Прижимая к груди драгоценную алгебру, спускаюсь бегом по лестнице. Вдруг за мной дробно-дробно бегут чьи-то шаги. В уме мелькает: «Раздумала! Бежит за мной, чтоб взять обратно!»
И хотя эта мысль совершенно нелепая и я отлично сознаю это, но все-таки я припускаю рыси. Преследователь тоже ускоряет бег. Вылетаю из подъезда и мчусь галопом вниз, по Шопеновской улице. К счастью, из-за угла выезжает похоронная колесница, за нею — толпа провожающих ее людей. Это останавливает мой марафонский бег.
Меня догоняет раскрасневшаяся, запыхавшаяся младшая сестра Горохова — Дося.
— Вы забыли у нас перчатки…
И она протягивает мне эти стократ проклятые орудия пытки из желтой лайки.
«Никогда! Никогда в жизни! — яростно обещаю я самой себе. — Умирать буду, а перчаток не надену!»
Глава двадцать третья. «ЗЕЛЕНАЯ УЛИЦА»
Идут экзамены. Волнения, сильнейшее напряжение всех сил, бессонные ночи. Одуряющая, отупляющая зубрежка. Иногда мне кажется, что я набиваю мозги колбасным фаршем из цифр, дат, имен, правил, законов природы!

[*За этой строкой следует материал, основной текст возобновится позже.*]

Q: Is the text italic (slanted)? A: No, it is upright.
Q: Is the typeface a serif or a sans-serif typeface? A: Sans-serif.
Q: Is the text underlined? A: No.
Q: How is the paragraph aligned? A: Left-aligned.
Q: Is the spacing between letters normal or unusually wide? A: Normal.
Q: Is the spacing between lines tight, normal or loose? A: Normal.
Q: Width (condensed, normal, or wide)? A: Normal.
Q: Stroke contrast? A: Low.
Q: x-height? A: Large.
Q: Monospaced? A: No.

Все это воздвигло какую-то стену между нами, учащимися, и окружающим миром. Что происходит по ту сторону стены, нам неизвестно. Мы не общаемся ни с кем, кроме наших друзей гимназистов, а они живут в такой же оторванности ото всего, в таком же отупении от зубрежки, как и мы.
Мои ученики, наборщики Азриэл Шнир и Степа Разин, временно перестали ходить ко мне на уроки: очень, говорят, заняты.
Прервал занятия с нашим кружком и Александр Степанович.
Как-то, встретив меня и Люсю случайно в Екатерининском сквере, он очень обрадовался нам. А уж как мы-то ему обрадовались!